Over the past year I keep running into the same question—in code reviews, in team chats, and yes, on X: can software engineers still grow in the age of AI, or is the ladder of progression quietly disappearing?
The arguments on both sides are sharp, and the comment threads have been lively.
On one side, people worry that as AI takes over a large portion of repetitive coding tasks, newcomers are losing their “trial-and-error leveling-up” opportunities. Without that early grind, they fear the skill tree simply cannot branch out.
On the other side, many argue that better tools have never weakened programmers; if anything, they accelerate an engineer’s exposure to complexity and help them operate at a higher level of abstraction.
Both perspectives are meaningful. But to answer the question properly, we need to zoom out and look at the longer arc of computing history.
Stretched over several decades, the software industry shows a remarkably consistent trend: engineers move further and further away from the metal.
Early programmers wrestled with registers, stack frames, and memory offsets. C later let developers “write programs that read like human language.” C++, Java, and eventually Node.js pushed abstraction layers even higher. Today, most engineers working on internet applications have never manually managed memory, let alone handwritten assembly.
If abstraction truly made programmers weaker, how did we manage to build systems hundreds of times more complex than those of the past? How do we support global online collaboration and millions of concurrent users?
The answer is simple: abstraction doesn’t erode capability — it removes low-level labor, freeing a developer’s cognitive bandwidth for larger systems and harder problems.
That logic held true in the past, and it still holds today.
If you treat AI as “a smarter search engine,” you’ll only notice that it writes a few snippets for you or fetches APIs faster than you can. In that framing, yes — it looks like it’s just speeding up the easy parts.But that’s not the real revolution.
AI can understand natural-language requirements, summarize business rules, propose architectural approaches, generate tests and documentation, monitor code quality, and even surface missing edge cases after you describe your system. This isn’t “faster coding.”
This is a paradigm shift.
In the past, we learned programming by starting small — implementing individual functions. Today, a newcomer might write only a handful of functions before they’re already discussing data structures, interfaces, and module boundaries with an AI partner.
That means the path to growth is shifting too: from gradually accumulating experience through repetition, to rapidly acquiring higher-level skills through expression, modeling, and decision-making.
If someone insists on working the old way — treating AI as a faster StackOverflow or a better Google search — their attention remains fixed on the code itself, not on the systems behind it. They don’t build context, don’t ask prompts that unlock deeper reasoning, don’t involve AI in design; they simply copy whatever AI spits out.
These developers indeed risk becoming increasingly dependent on AI without improving their own judgment or abstraction skills.
In contrast, another group of engineers uses AI as part of their thinking process.
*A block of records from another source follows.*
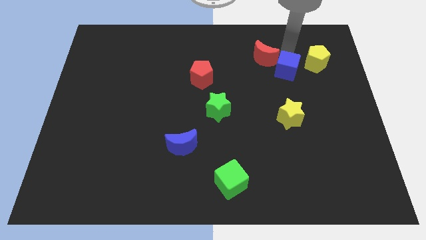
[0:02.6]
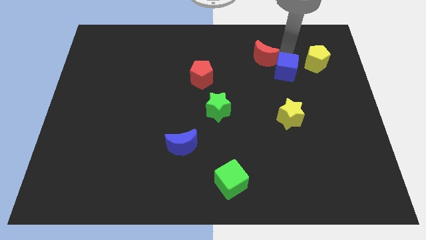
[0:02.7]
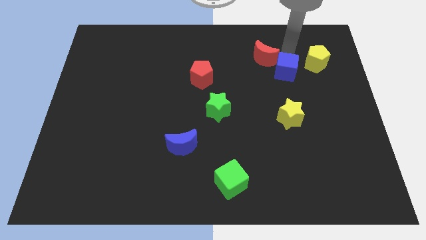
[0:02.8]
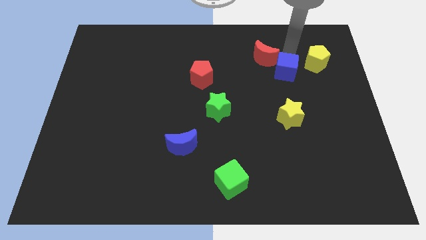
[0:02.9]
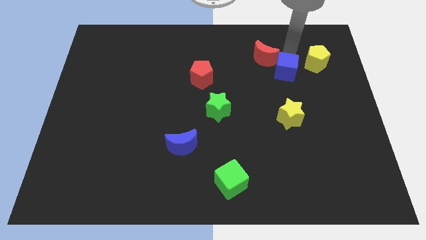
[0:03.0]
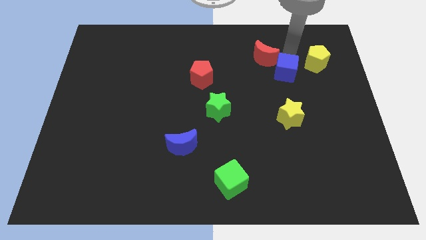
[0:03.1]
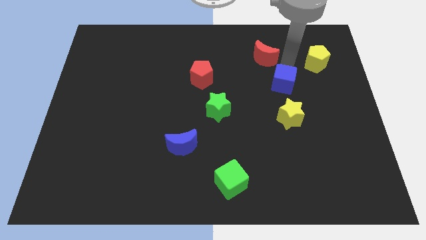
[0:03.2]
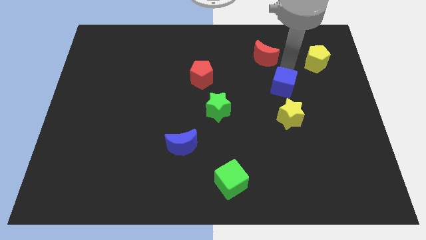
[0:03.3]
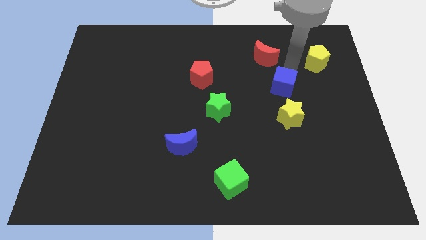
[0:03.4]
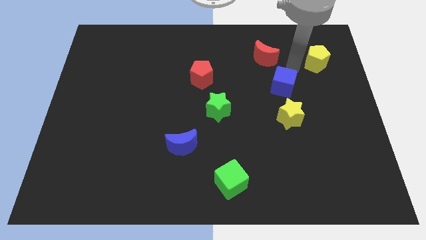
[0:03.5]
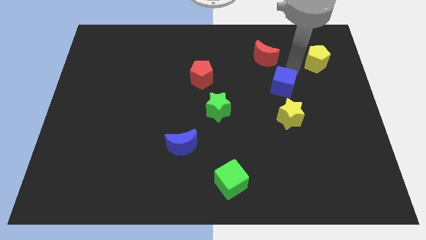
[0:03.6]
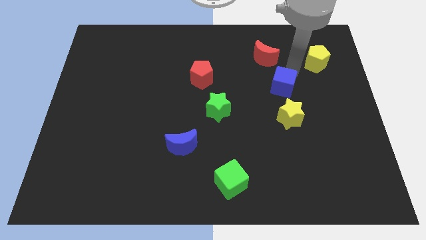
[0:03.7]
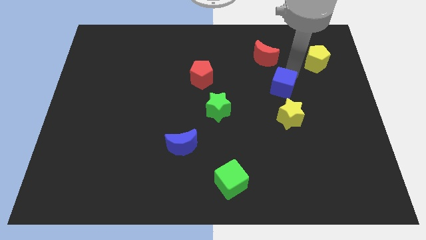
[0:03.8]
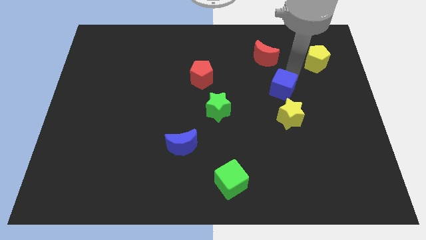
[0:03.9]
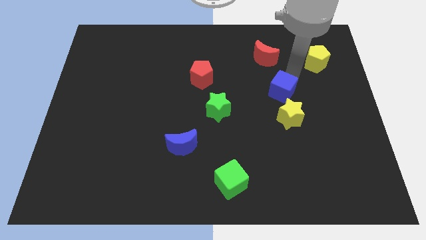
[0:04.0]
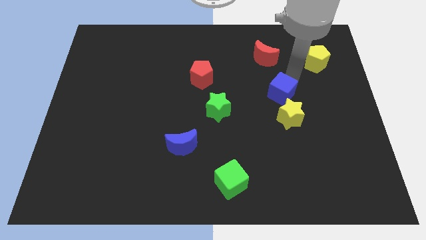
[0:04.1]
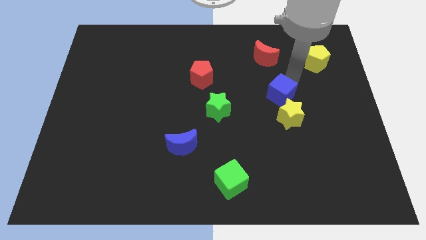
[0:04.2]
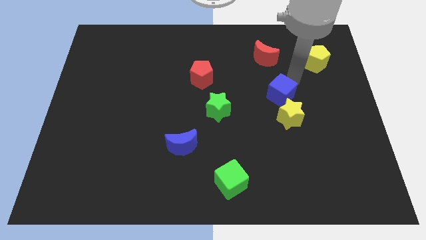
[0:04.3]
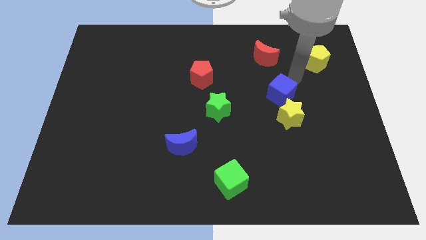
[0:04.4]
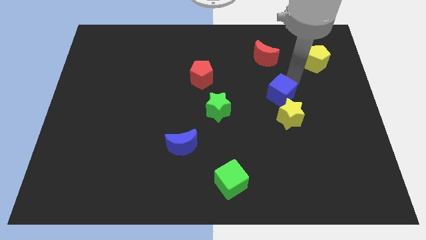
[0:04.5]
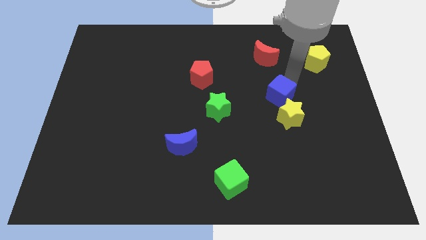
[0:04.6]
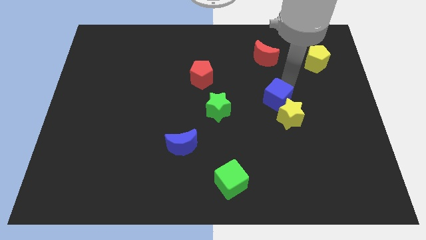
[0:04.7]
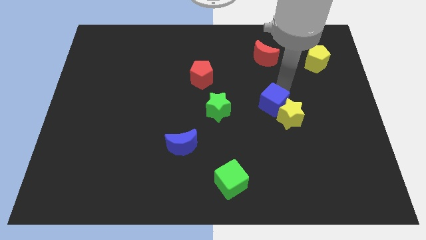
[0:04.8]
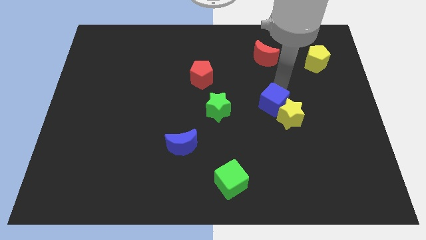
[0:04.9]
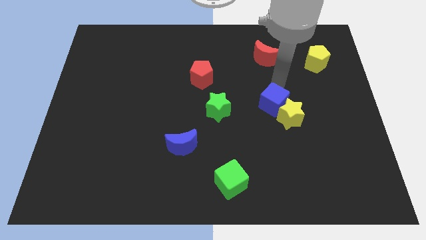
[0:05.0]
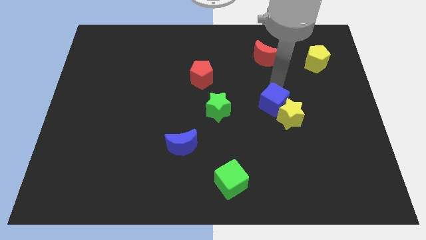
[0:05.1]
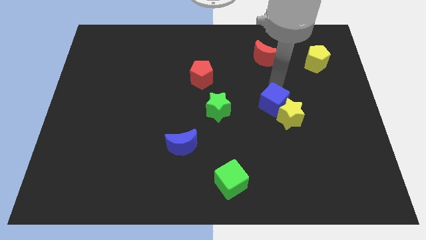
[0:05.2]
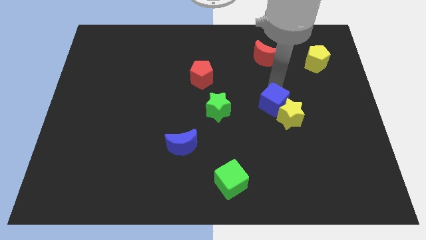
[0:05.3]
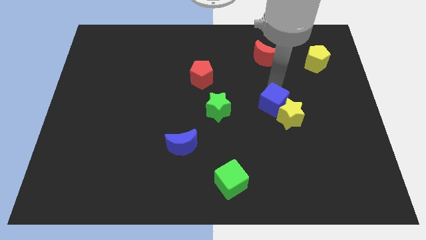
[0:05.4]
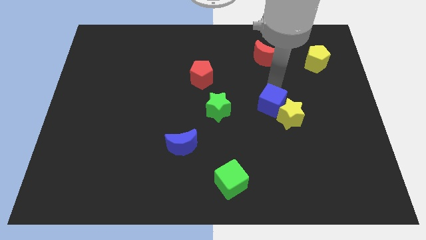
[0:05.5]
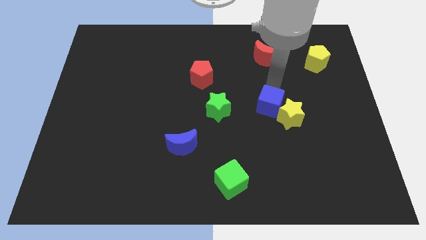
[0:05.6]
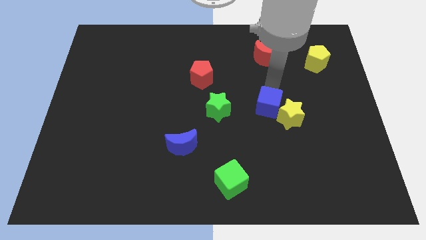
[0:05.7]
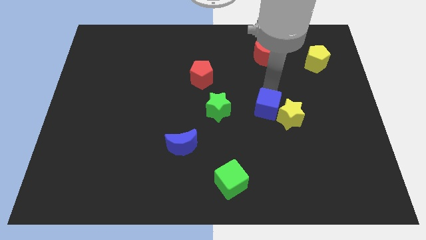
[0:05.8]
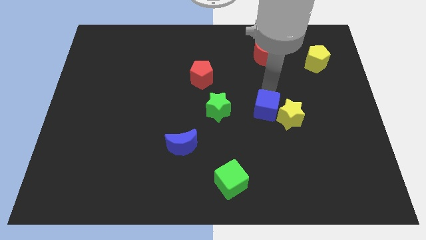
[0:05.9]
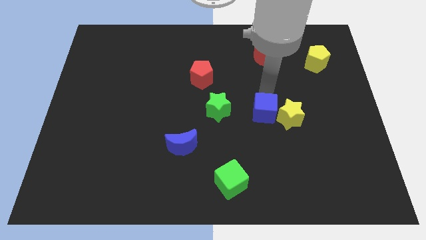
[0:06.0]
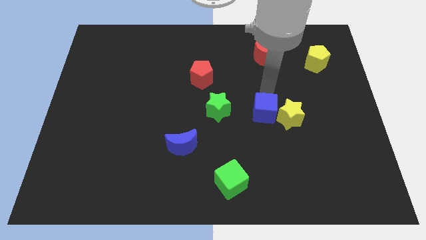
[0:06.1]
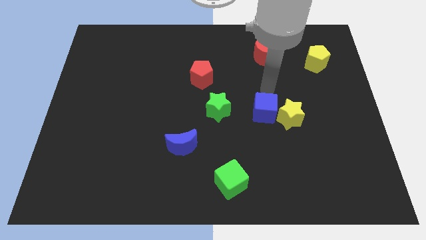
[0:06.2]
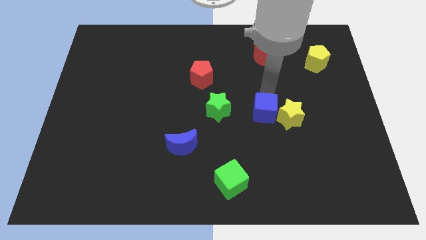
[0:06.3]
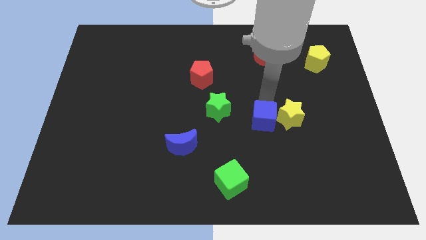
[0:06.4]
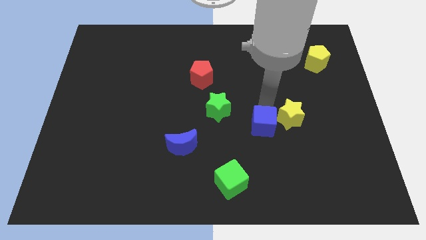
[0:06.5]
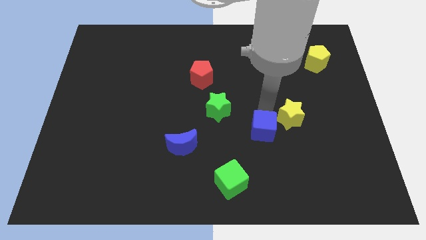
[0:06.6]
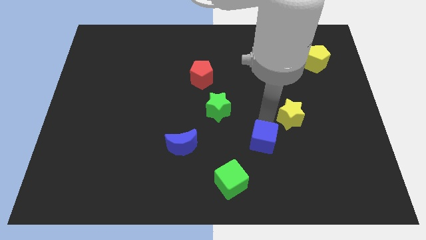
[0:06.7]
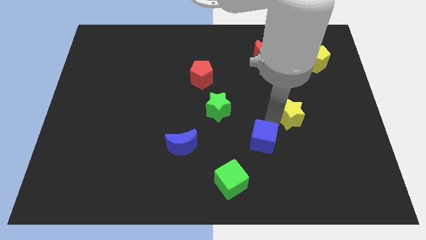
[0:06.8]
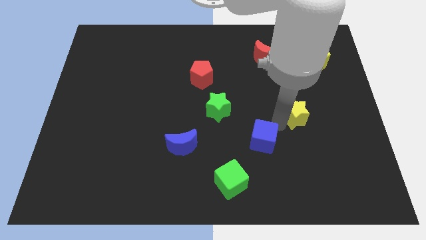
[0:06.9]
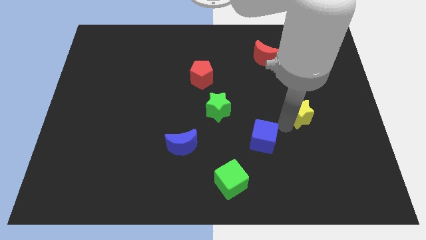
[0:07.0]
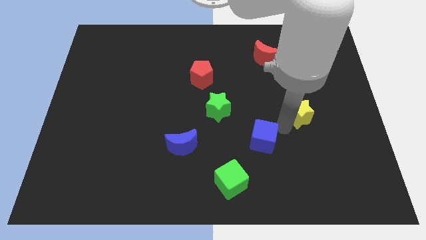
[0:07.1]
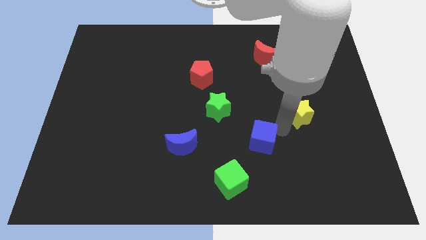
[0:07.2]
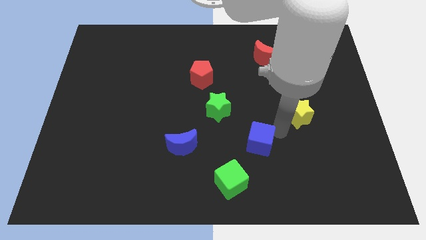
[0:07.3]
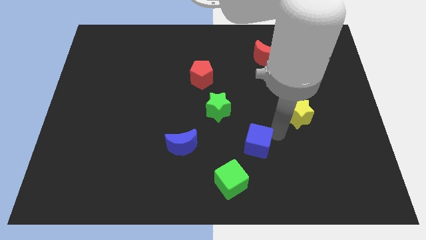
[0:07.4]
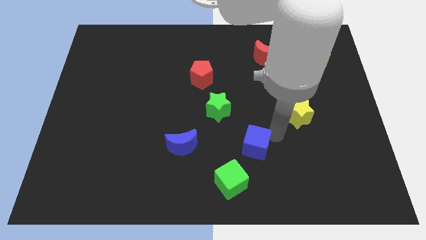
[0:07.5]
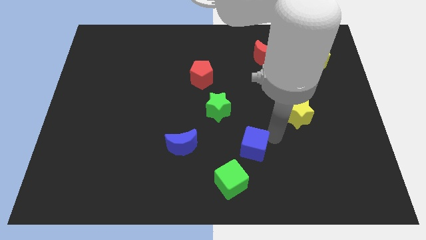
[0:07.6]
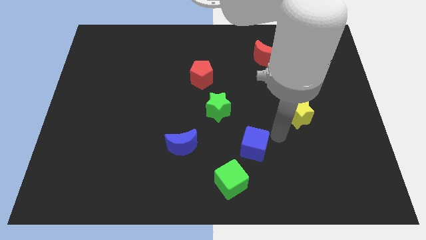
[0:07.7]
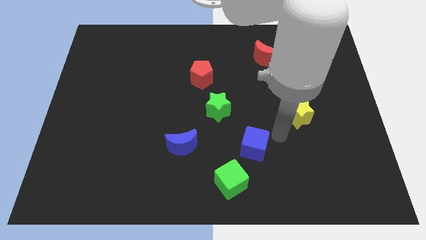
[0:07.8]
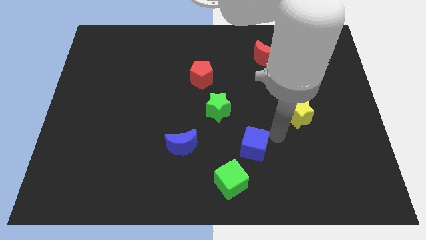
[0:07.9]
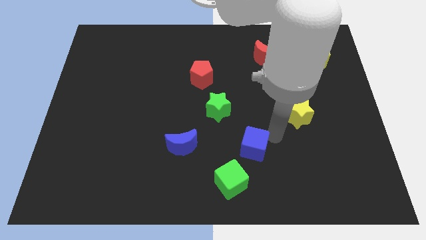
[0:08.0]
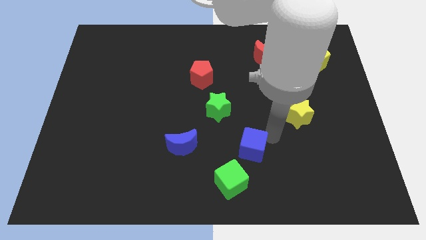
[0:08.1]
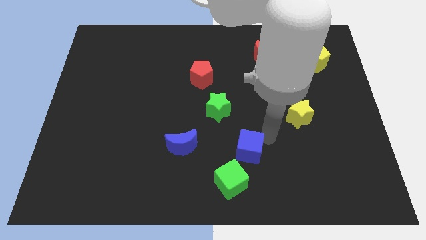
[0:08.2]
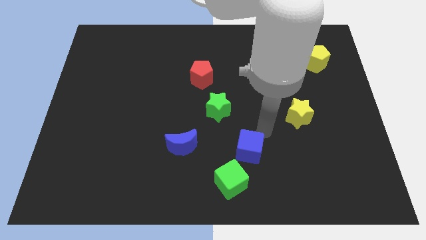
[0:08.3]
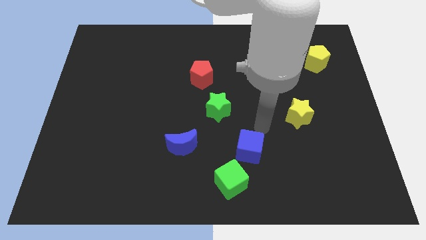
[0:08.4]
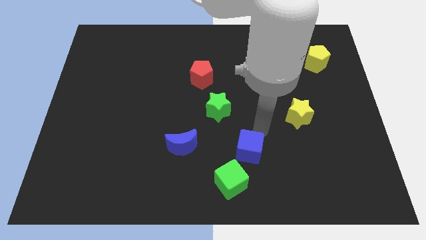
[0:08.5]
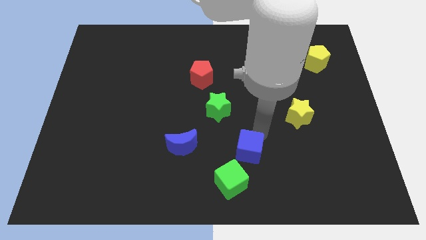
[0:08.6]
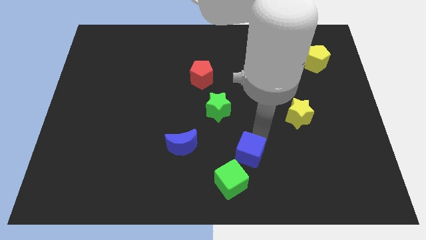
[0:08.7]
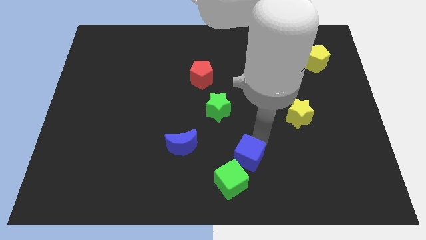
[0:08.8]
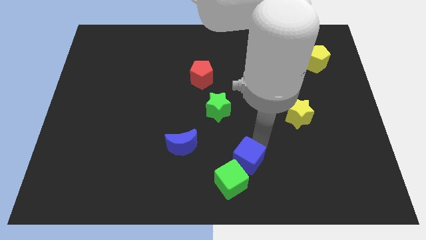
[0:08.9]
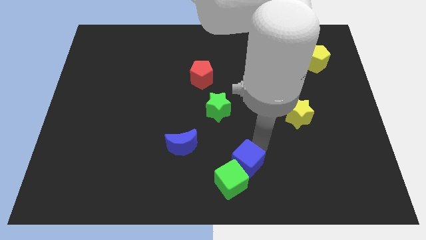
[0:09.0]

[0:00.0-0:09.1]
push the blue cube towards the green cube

They bring AI into requirements discussions, boundary exploration, trade-off analysis. They let it act as a second brain — raising alternatives, spotting blind spots, stress-testing architectural ideas. Once code is written, they also involve AI in testing, refactoring, documentation, and quality assurance.
In that relationship, engineers actually grow faster, because their time is freed almost entirely for high-value thinking: judgment, modeling, abstraction, and reasoning about complex systems.
History has shown repeatedly: rising layers of abstraction never weaken programmers; they raise the ceiling. AI is no exception.
Revisiting the two opposing views from the beginning, you’ll notice they aren’t contradictory. You can continue working the old way — or you can upgrade your workflow.
In the end, the gap is never created by the tools themselves.
It’s created by the choices people make when the landscape changes — including how we choose to work with AI.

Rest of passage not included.